A starting point for this problem is to notice that if $s$ and $t$ are equal when restricted to some subset $X$ of letters, then they must also be equal when restricted to any subset $Y$ of $X$. In particular, this means that if $s$ and $t$ are equal when restricted to some subset $X$ of letters, they are also equal when restricted to any two letters in $X$.

Now consider the case where $s$ and $t$ are not equal when restricted to $X$. Again let $s'$ and $t'$ be $s$ and $t$ restricted to $X$. One possibility is that $s'$ and $t'$ are of different lengths, which means that $s$ and $t$ have differing amounts of the letters in $X$.

The other possibility is that $s'$ and $t'$ have different letters at some position. In this case, consider the first position at which $s'$ and $t'$ differ, and let $x$ and $y$ be the two letters that $s'$ and $t'$ have at this position. Since $s'$ and $t'$ are completely the same up to this position, if we remove all letters other than $x$ and $y$ from $s'$ and $t'$ to create new strings $s''$ and $t''$, the portion before this position will become the same (smaller) portion at the beginning of $s''$ and $t''$, and so the $x$ and $y$ at the same position in $s'$ and $t'$ will still be in the same position in $s''$ and $t''$. This means that $s''$ and $t''$ are not the same, and so, since $s''$ and $t''$ are actually just $s$ and $t$ restricted to the two letters $x$ and $y$, we can conclude that $s$ and $t$ are not the same when restricted to $x$ and $y$.

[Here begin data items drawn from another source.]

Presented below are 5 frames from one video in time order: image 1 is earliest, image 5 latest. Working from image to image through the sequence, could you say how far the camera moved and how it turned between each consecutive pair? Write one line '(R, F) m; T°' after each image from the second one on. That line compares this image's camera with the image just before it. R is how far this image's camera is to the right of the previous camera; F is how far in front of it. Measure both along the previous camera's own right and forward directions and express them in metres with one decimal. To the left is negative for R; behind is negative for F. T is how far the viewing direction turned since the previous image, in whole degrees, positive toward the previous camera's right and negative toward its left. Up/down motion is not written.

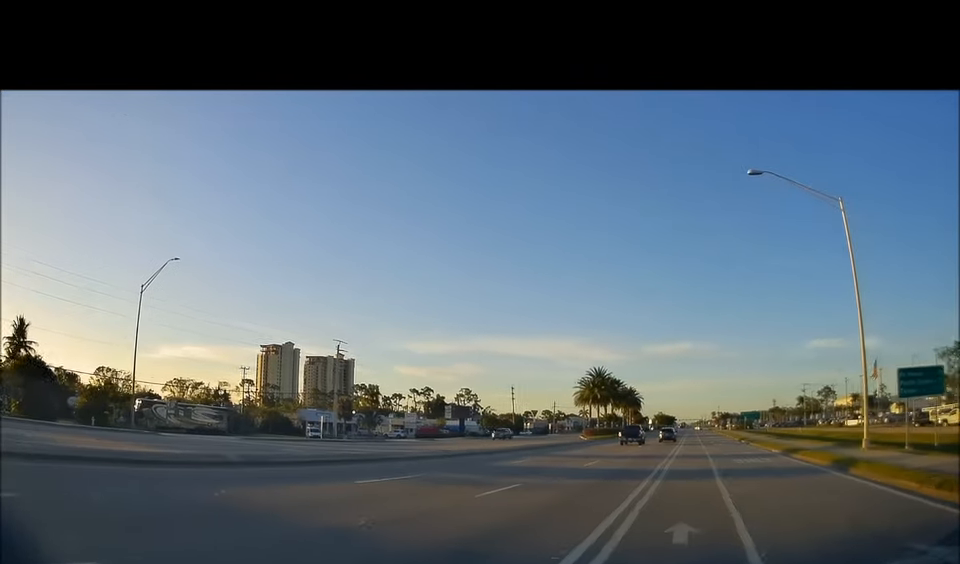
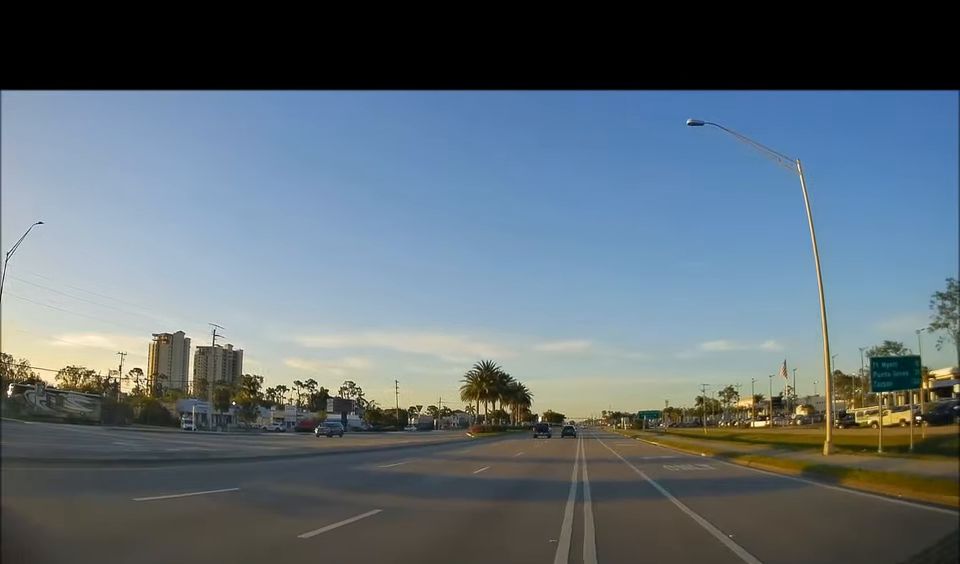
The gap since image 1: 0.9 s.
(+0.8, +5.3) m; +7°
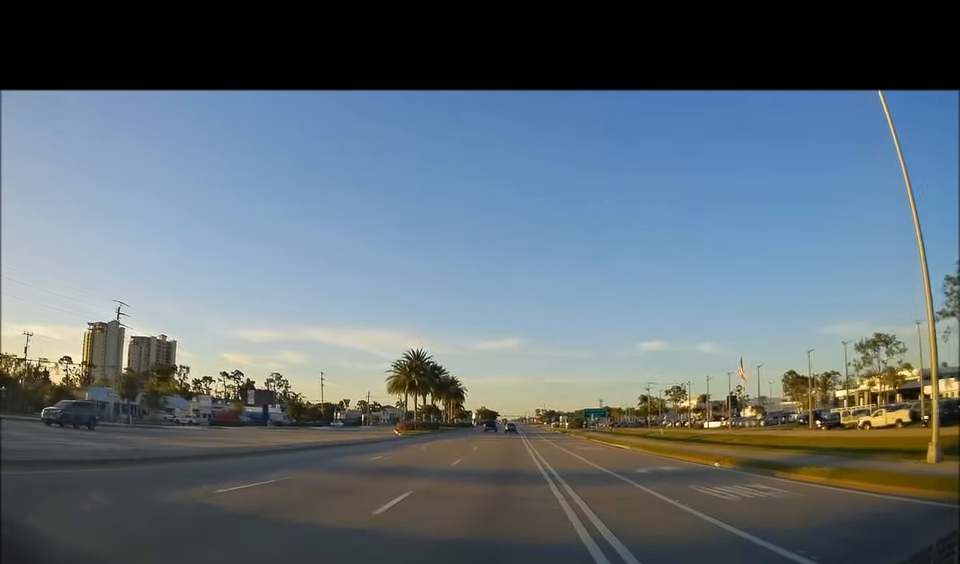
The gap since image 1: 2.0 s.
(+0.1, +8.7) m; +3°
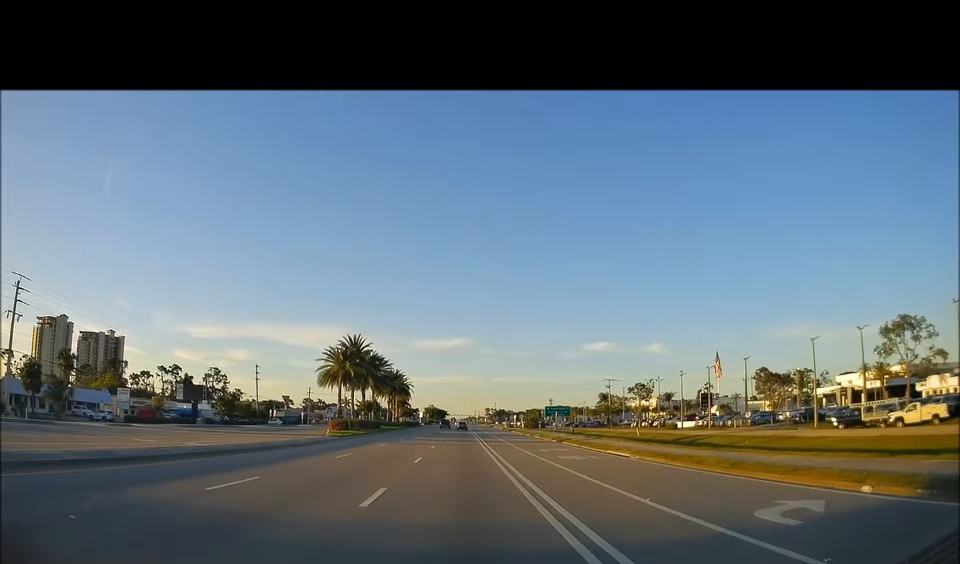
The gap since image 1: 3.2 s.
(+0.5, +10.9) m; +4°
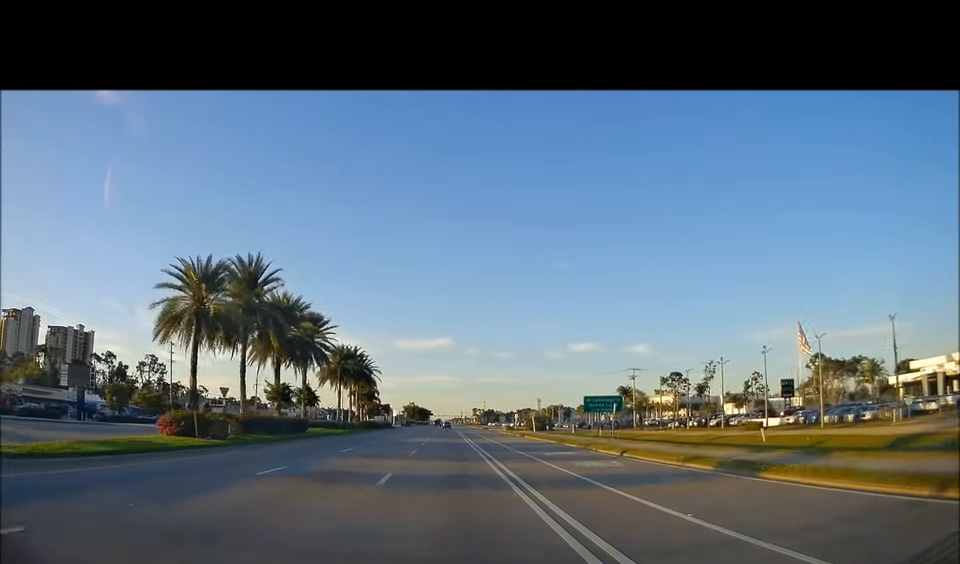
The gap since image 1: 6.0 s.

We have therefore shown that if $s$ and $t$ are not equal when restricted to $X$, then either they do not have the same amount of letters in $X$, or they are not the same when restricted to some pair of letters in $X$. However, we already know that if $s$ and $t$ are equal when restricted to $X$, then they must be the same when restricted to any pair of letters in $X$, and in this case they clearly must also have the same amount of letters in $X$.

This means that $s$ and $t$ being equal when restricted to $X$ is actually equivalent to having the same amount of letters in $X$ and being equal when restricted to any pair of letters in $X$.

We can use this fact to write our algorithm. We need to be able to quickly compute, for a given subset of letters $X$, whether $s$ and $t$ have the same amount of letters in $X$, and whether $s$ and $t$ are the same when restricted to any pair of letters in $X$.

We can make checking the first condition easy by precomputing the frequencies of each letter in each of $s$ and $t$. This takes linear time. Then, for a given $X$, we simply add up the frequencies of all letters in $X$ for each of $s$ and $t$ and check if the sums are equal.

We can make checking the second condition easy by just precomputing the answer for each pair of letters. For each pair, we can find the answer in linear time by simply reducing $s$ and $t$ to the strings $s'$ and $t'$ that only have the letters in the pair, then checking whether $s'$ and $t'$ are equal. Then, for a given $X$, we simply loop through all pairs of letters in $X$ and check our precomputed answers.

The overall runtime becomes $\mathcal O(\text{number of pairs} \cdot (|s| + |t| + Q))$ due to the linear time precomputation for each pair and then checking each pair in constant time for each query. Since there are only $18$ letters we need to consider, there are only $\frac {18 \cdot 17} 2 = 153$ pairs, which is small enough for this algorithm to be reasonably efficient.

Java code:

import java.io.BufferedReader;
import java.io.IOException;
import java.io.InputStreamReader;

public class SubsetEquality {

    public static void main(String[] args) throws IOException {
        BufferedReader in = new BufferedReader(new InputStreamReader(System.in));
        char[] s = in.readLine().toCharArray();
        char[] t = in.readLine().toCharArray();
        int[] freqsS = new int[26];
        int[] freqsT = new int[26];
        for (char x = 'a'; x <= 'z'; x++) {
            for (char letter : s) {
                if (letter == x) {
                    freqsS[x - 'a']++;
                }
            }
            for (char letter : t) {
                if (letter == x) {
                    freqsT[x - 'a']++;
                }
            }
        }
        boolean[][] compatible = new boolean[26][26];
        for (char y = 'a'; y <= 'z'; y++) {
            for (char x = 'a'; x < y; x++) {
                StringBuilder sRestricted = new StringBuilder();
                StringBuilder tRestricted = new StringBuilder();
                for (char letter : s) {
                    if (letter == x || letter == y) {
                        sRestricted.append(letter);
                    }
                }
                for (char letter : t) {
                    if (letter == x || letter == y) {
                        tRestricted.append(letter);
                    }
                }
                compatible[x - 'a'][y - 'a'] = sRestricted.toString().equals(tRestricted.toString());
            }
        }
        StringBuilder out = new StringBuilder();
        for (int q = Integer.parseInt(in.readLine()); q > 0; q--) {
            char[] subset = in.readLine().toCharArray();
            char answer = 'Y';
            int sSum = 0;
            int tSum = 0;
            for (char x : subset) {
                sSum += freqsS[x - 'a'];
                tSum += freqsT[x - 'a'];
            }
            if (sSum != tSum) {
                answer = 'N';
            }
            for (int j = 0; j < subset.length; j++) {
                for (int k = j + 1; k < subset.length; k++) {
                    if (!compatible[subset[j] - 'a'][subset[k] - 'a']) {
                        answer = 'N';
                    }
                }
            }
            out.append(answer);
        }
        System.out.println(out);
    }
}